Now Ryan wants to put the health of the nation’s senior citizens in the hands of the insurance industry, reviving the conservative myth that what health care needs is a dose of market forces. Market forces are what allow insurance companies to deny people care in the name of profits.
Efforts to resolve the current year’s budget crisis have run aground because Republicans are using the threat of a shutdown to gain ever more in the way of cuts. They are pretending that they are motivated by the need to curtail the deficit. And yet the slice of the budget that is taking the whacks during this round of cuts amounts to only one-eighth of federal spending. To slash spending on education, health care, environmental protection, financial regulation and other programs does virtually nothing to curb the deficit; it does much to advance the conservative agenda.

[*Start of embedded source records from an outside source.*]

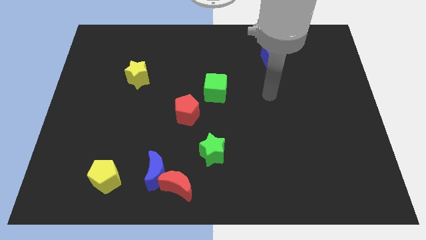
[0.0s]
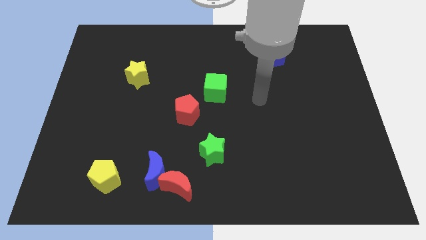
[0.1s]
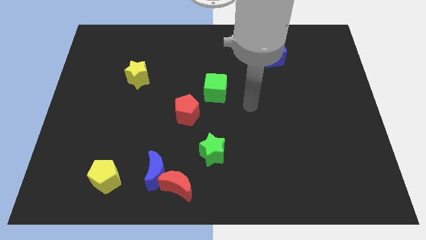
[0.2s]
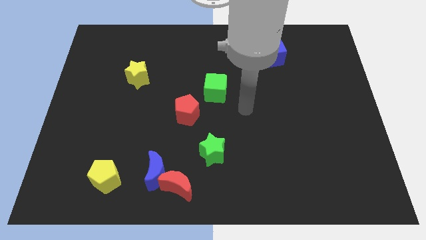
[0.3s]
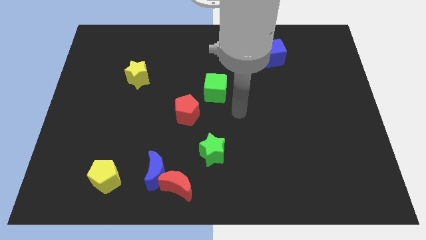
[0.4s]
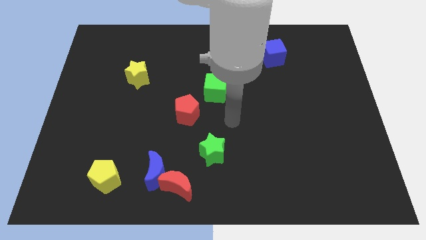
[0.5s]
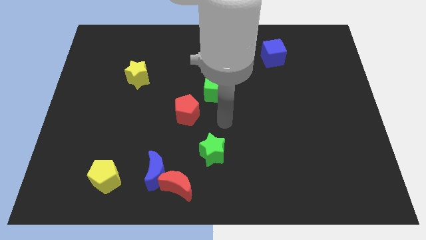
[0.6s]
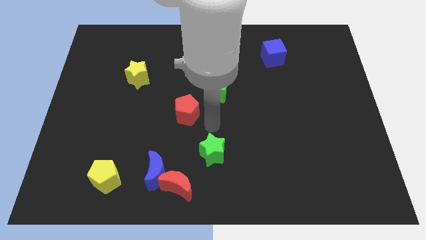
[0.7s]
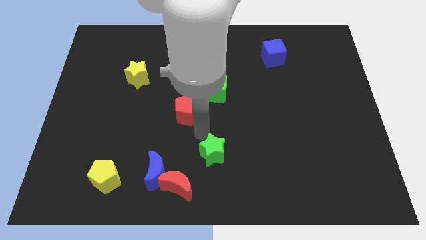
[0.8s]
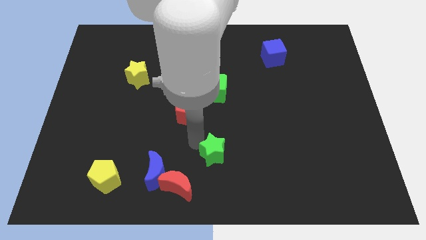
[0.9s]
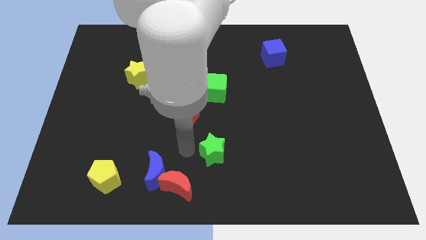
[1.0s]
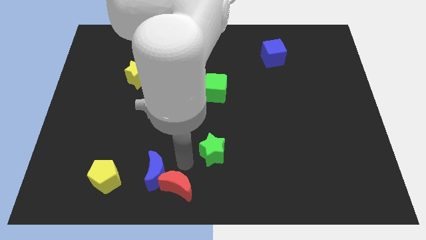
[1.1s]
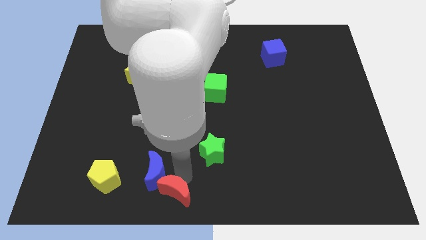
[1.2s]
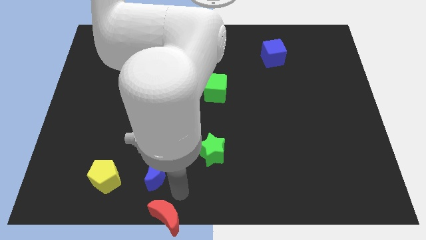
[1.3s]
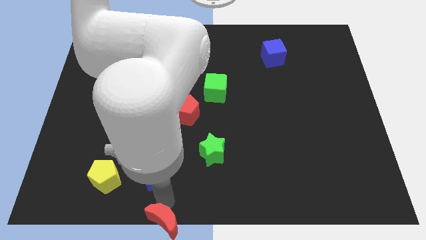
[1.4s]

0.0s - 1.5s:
move the blue moon away from the red moon

Republicans claim to be representing the will of the people. If they have the people behind them, why don’t they propose gutting the Environmental Protection Agency on its merits? Instead, they seek to push forward Draconian cuts through the coercive means of a threatened shutdown. If they want to slash health care for children, let them propose to do so as a stand-alone measure. Let the American people weigh in on whether they think it’s a good idea.
Obama has compromised plenty already. Now he needs to stand his ground, even if a shutdown is the result. The bullying tactics of the Republicans will not be stopped until their bluff is called. Let them reap the scorn of the people who are awaiting income tax refund checks or who had planned a trip to the Smithsonian or who had hoped to obtain a passport.
The election of Obama did not mean the demise of the political forces pushing a nihilistic anti-government agenda on the Republican Party. There are major interests who would like to cripple the government because its regulations get in the way of their profits. Obama has made only the most tentative steps toward financial and environmental regulation to rein in the companies that have wrecked the economy and despoiled the environment, and yet those companies have used a Tea Party movement of people genuinely concerned about economic decline as a tool to hobble government.
If House Speaker John Boehner wants to align the Republican Party with the most extreme element of anti-government activists, Obama ought to let him. Already the people are answering back against right-wing extremists. In an election in Wisconsin this week disgusted voters were within a hair of defeating a Supreme Court justice who had backed the anti-union campaign of Gov. Scott Walker. Polls suggest the American people are nowhere near as extreme ideologically as the anti-health care, anti-environment, pro-Wall Street contingent riding high within the Republican Party.